July 28th, 2014

No Reduction in Atherosclerosis Progression With Menopausal Hormone Therapy

More than a decade ago the Women’s Health Study produced surprising and important results when it showed that broad use of hormone replacement therapy did not reduce cardiovascular risk in postmenopausal women. However, the study also led to speculation that hormone therapy might be beneficial when delivered closer to the time of menopause.
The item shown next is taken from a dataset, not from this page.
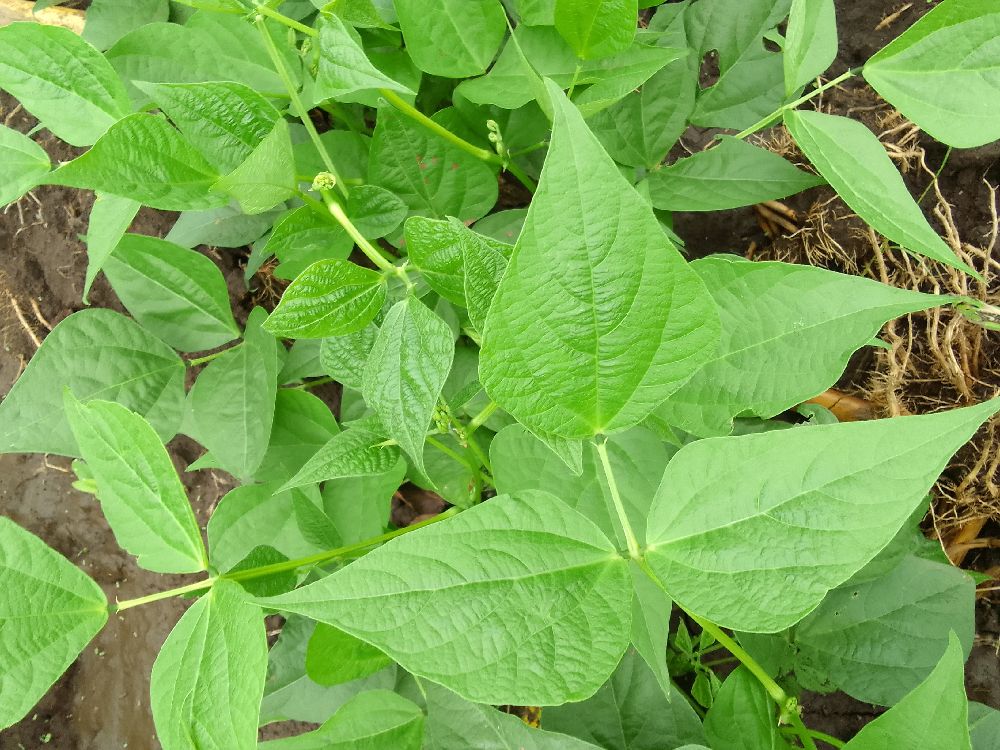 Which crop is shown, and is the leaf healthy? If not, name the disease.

common bean, healthy
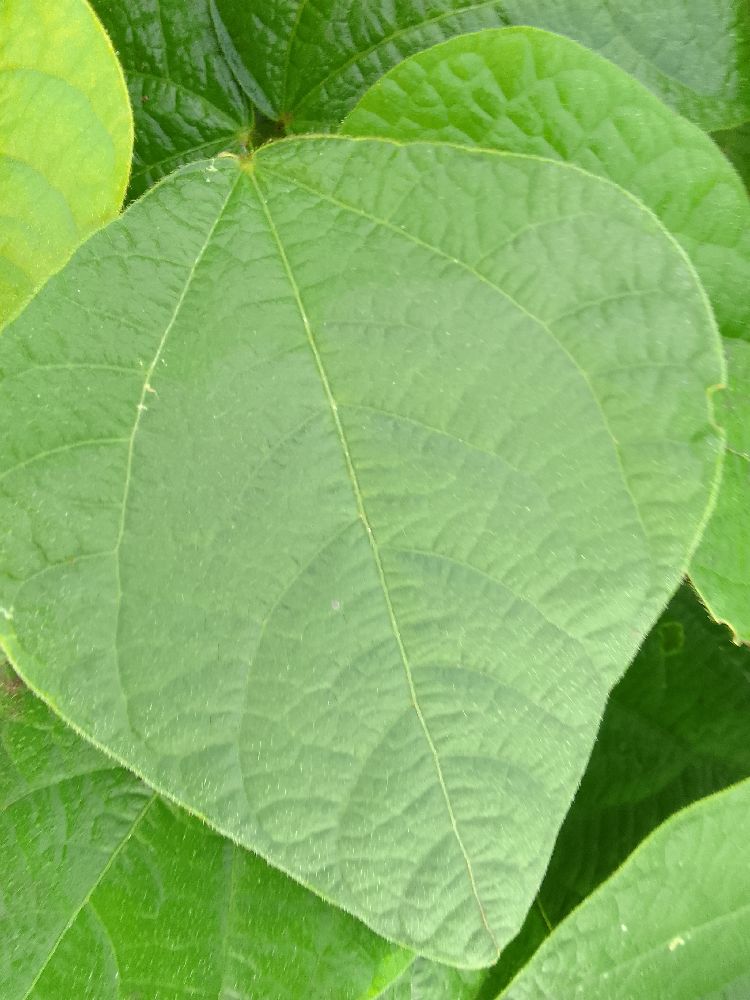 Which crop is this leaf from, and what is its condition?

Now a study published in Annals of Internal Medicine shows that menopausal hormone therapy (MHT) may have some favorable effects on some cardiovascular risk factors but it does not reduce the progression of atherosclerosis.

In the study, called KEEPS (Kronos Early Estrogen Prevention Study), 727 menopausal women were randomized to placebo or one of two forms of low-dose MHT (oral conjugated equine estrogens or transdermal 17β- estradiol). After four years there was no difference between the groups in the primary endpoint of the study, which was the progression of atherosclerosis as measured by carotid artery intima–media thickness (CIMT). There was also no difference in the coronary artery calcium scores. Women in the equine estrogen group had improvements in their lipid profiles (decrease in LDL and increase in HDL) while women in the transdermal group had improved insulin sensitivity. There was no difference in the incidence of serious adverse events.

The investigators offered several explanations for the findings, including a study population at low risk for athersosclerosis, a relatively short study duration, and the use of low-dose but not high-dose estrogen. “To the extent that these imaging methods predict CVD events, our findings suggest that MHT neither is a risk nor is protective in the population studied,” they wrote. The study was not powered to look at clinical events.

Andrew Kaunitz, a specialist in women’s health and menopause at the University of Florida, said that although it still remains unclear what the long-term effects of MHT will be on cardiovascular events, the study “does not support using hormone therapy to prevent CVD events.”





One Response to “No Reduction in Atherosclerosis Progression With Menopausal Hormone Therapy”

  1. Before we jump to conclusions, we need to look at these endpoints. We seem to keep using serial CIMT as a surrogate endpoint despite the dearth of evidence correlating serial CIMT with hard cardiovascular events. The initial CIMT has an incremental predictive value as demonstrated in a Framingham offspring study while MESA demonstrated that the baseline CIMT predicted cardiovascular risk about twice as powerfully as combined conventional risk factors. Although it seems logical that serial CIMT should predict incremental risk, the data does not support that conclusion.

    Costanzo (Federico II University, Naples, Italy)et. al. November 29, 2010 Journal of the American College of Cardiology did a meta analysis of over 18,000 subjects and found that while the interventions studied provided improvement in coronary events and survival, there was no change in the CIMT with each intervention as compared to placebo. There was a small correlation between serial CIMT change and coronary events among those who had a small initial CIMT and were not on statin therapy. However among those on statin therapy, there was no correlation between CIMT change and coronary events. In addition, those with higher baseline CIMT demonstrated no correlation between progression and coronary events whether or not statins were used.

    I have not reviewed this article yet however I cannot tell from Larry’s notes above if they looked at serial Calcium scores or just any significant difference in a static calcium score after 4 years of therapy v placebo.

    If they are looking at differences in Calcium scores, it is important that they used the correct technology. If using EBT or 256 slice dual source technology, the comparisons can be made after 12 months. If 64 slice or lower technology was used, the comparisons cannot be made sooner than 36 months without having the scan to scan variability blunt any meaningful calcium change.

    If they are only looking at one calcium score, this result is meaningless as related to therapy.

    And finally they stated that there was no significant difference in serious adverse events. With a study this small, I cannot imagine a circumstance where a difference in serious adverse events could ever reach statistical significance. Jupiter barely demonstrated significance with a direct comparison of one intervention vs placebo in a study of 17,800. Here we have a 3 way study with placebo and two study options with a cohort of 727 subjects of uncertain pretreatment cardiovascular risk.

    In conclusion, while this is interesting reading, as a study, these results truly mean nothing.